SOURCE MATERIAL
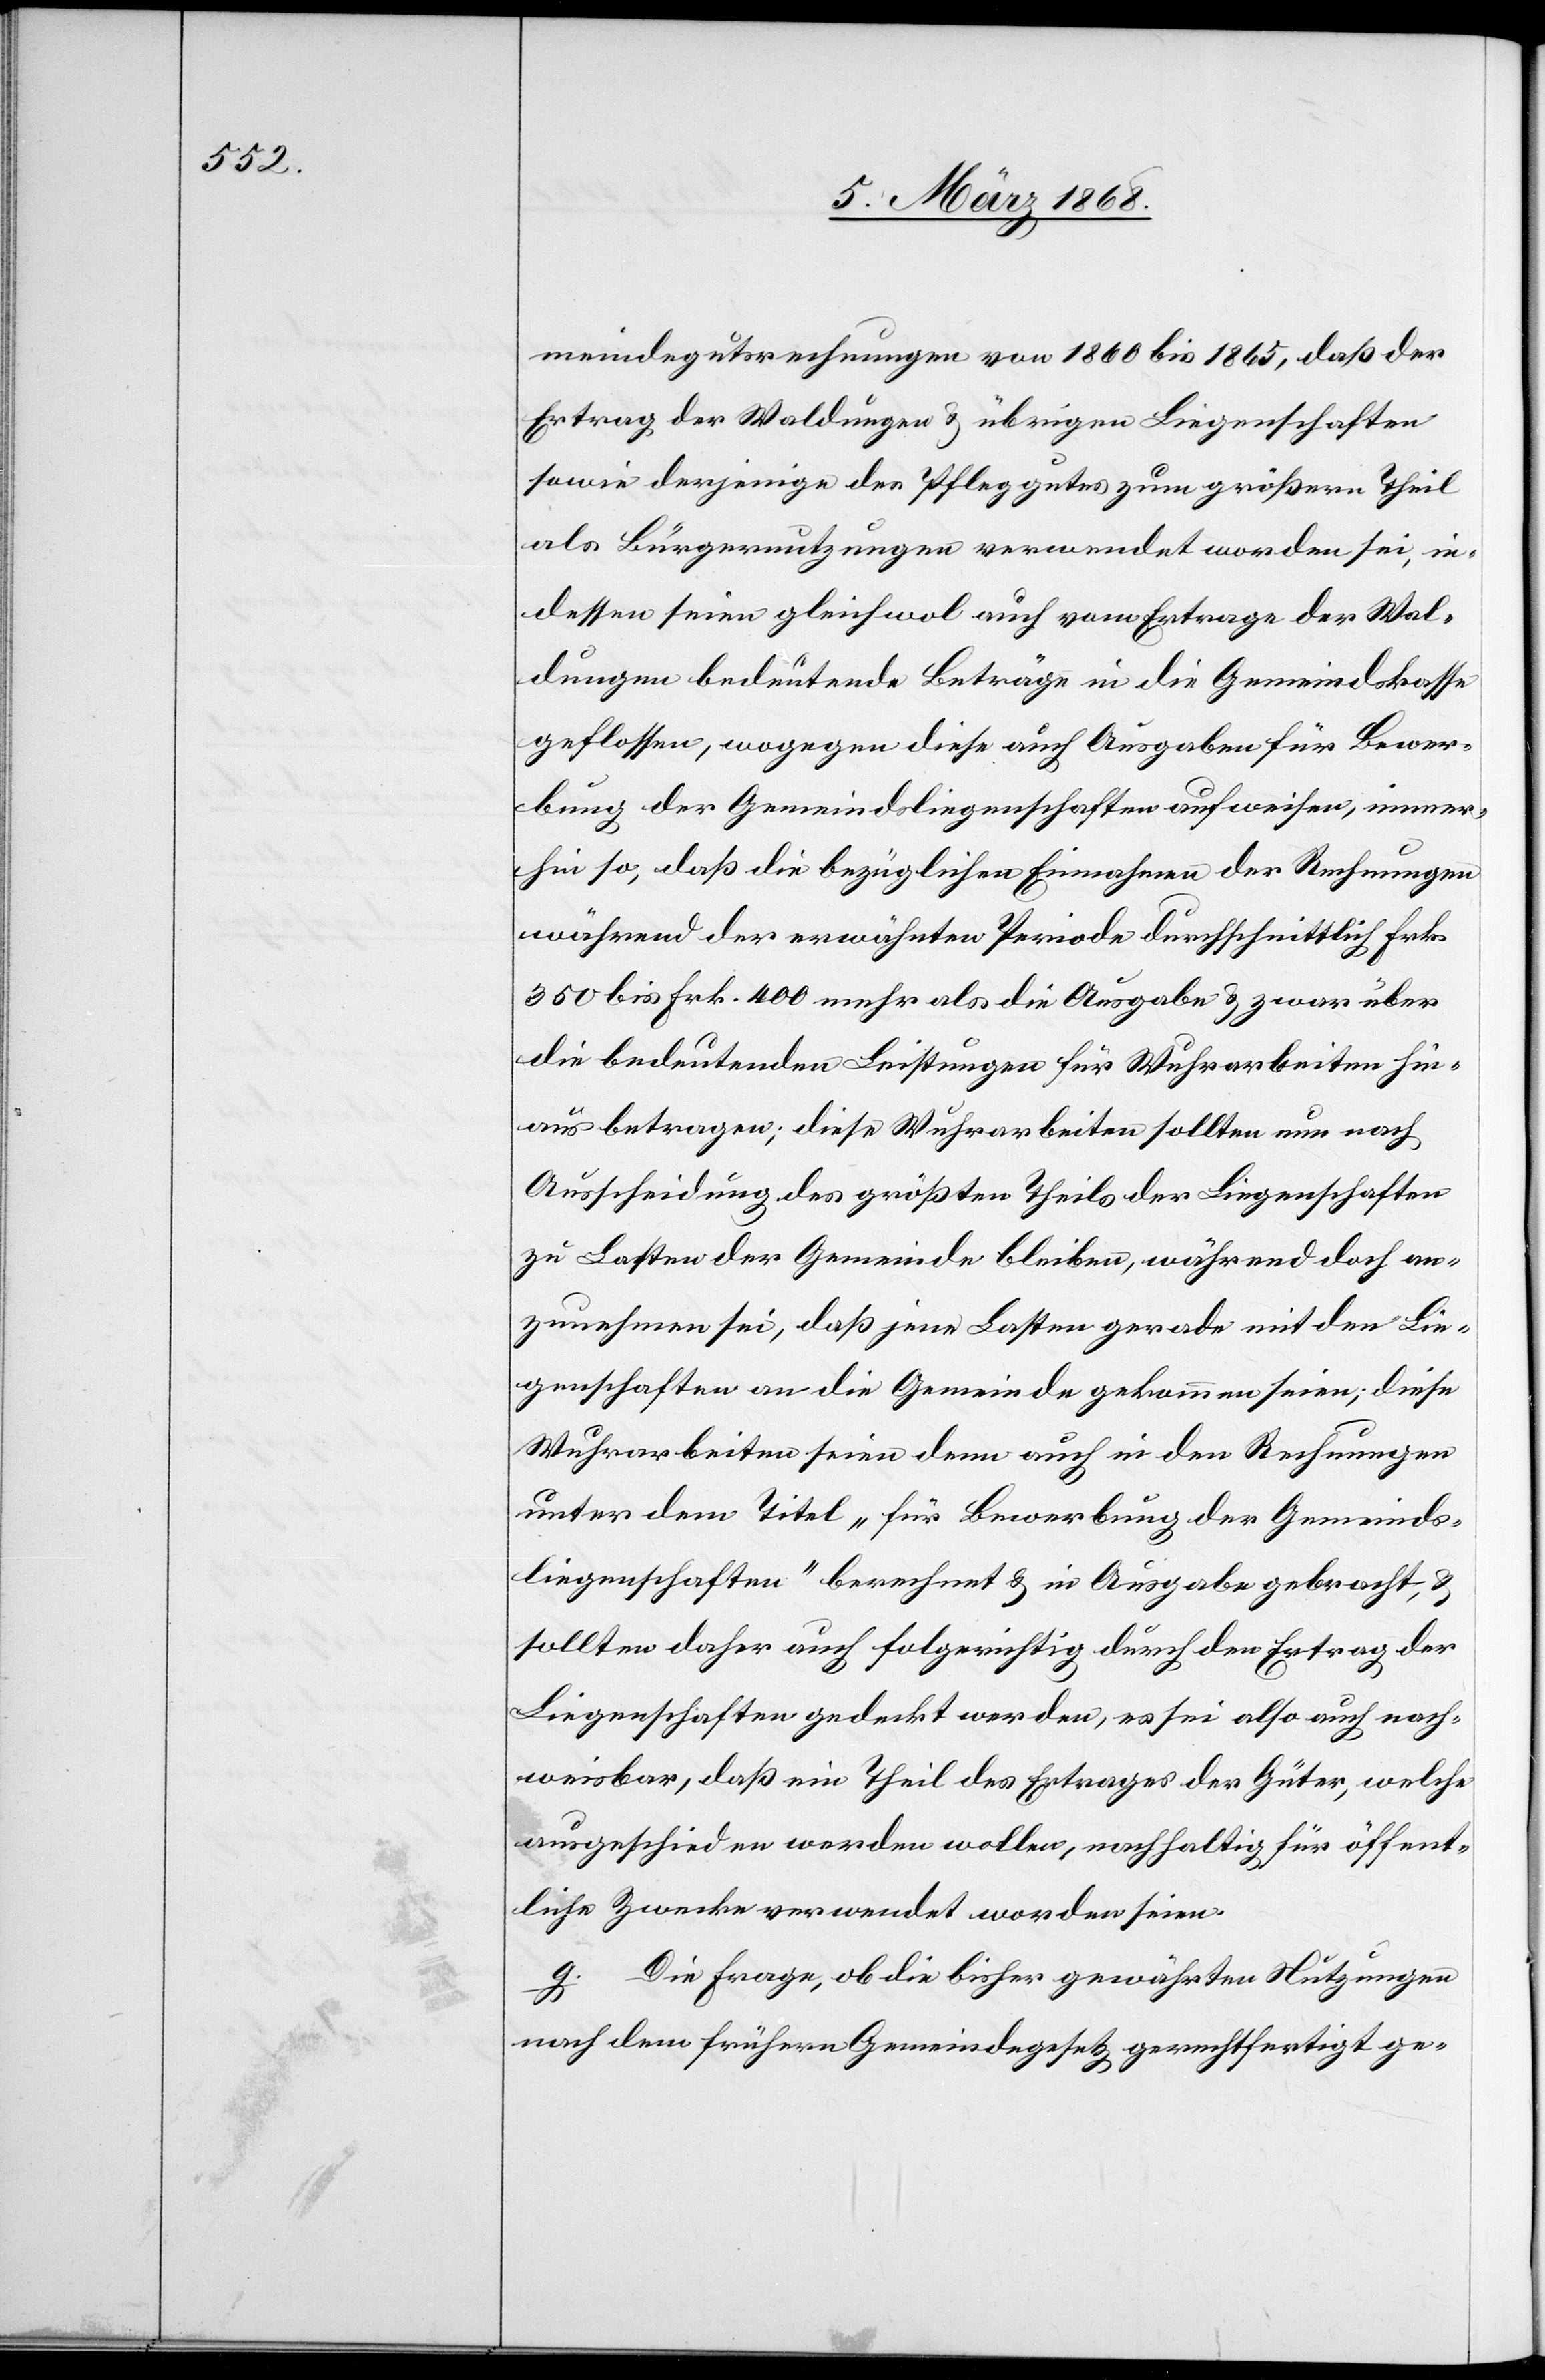
meindegutsrechnungen von 1860 bis 1865, daß der
Ertrag der Waldungen & übrigen Liegenschaften
sowie derjenige des Pfleggutes zum größern Theil
als Bürgernutzungen verwendet worden sei, in¬
dessen seien gleichwol auch vom Ertrage der Wal¬
dungen bedeutende Beträge in die Gemeindskasse
geflossen, wogegen diese auch Ausgaben für Bewer¬
bung der Gemeindsliegenschaften aufweisen, immer¬
hin so, daß die bezüglichen Einnahmen der Rechnungen
während der erwähnten Periode durchschnittlich Frk.
350 bis Frk. 400 mehr als die Ausgabe & zwar über
die bedeutenden Leistungen für Wuhrarbeiten hin¬
aus betragen; diese Wuhrarbeiten sollten nun nach
Ausscheidung des größten Theils der Liegenschaften
zu Lasten der Gemeinde bleiben, während doch an¬
zunehmen sei, daß jene Lasten gerade mit den Lie¬
genschaften an die Gemeinde gekommen seien; diese
Wuhrarbeiten seien denn auch in den Rechnungen
unter dem Titel „für Bewerbung der Gemeinds¬
liegenschaften“ berechnet & in Ausgabe gebracht, &
sollten daher auch folgerichtig durch den Ertrag der
Liegenschaften gedeckt werden, es sei also auch nach¬
weisbar, daß ein Theil des Ertrages der Güter, welche
ausgeschieden werden wollen, nachhaltig für öffent¬
liche Zwecke verwendet worden seien.
g. Die Frage, ob die bisher gewährten Nutzungen
nach dem frühern Gemeindegesetz gerechtfertigt ge-

WHAT IS NEEDED
Every line above from the line with "Ausgabe gebracht, &" to the line with "g. Die Frage, ob" is wanted, ends included; write them out exactly and add no other line.

EXERCISE RESPONSE
liegenschaften“ berechnet & in Ausgabe gebracht, &
sollten daher auch folgerichtig durch den Ertrag der
Liegenschaften gedeckt werden, es sei also auch nach¬
weisbar, daß ein Theil des Ertrages der Güter, welche
ausgeschieden werden wollen, nachhaltig für öffent¬
liche Zwecke verwendet worden seien.
g. Die Frage, ob die bisher gewährten Nutzungen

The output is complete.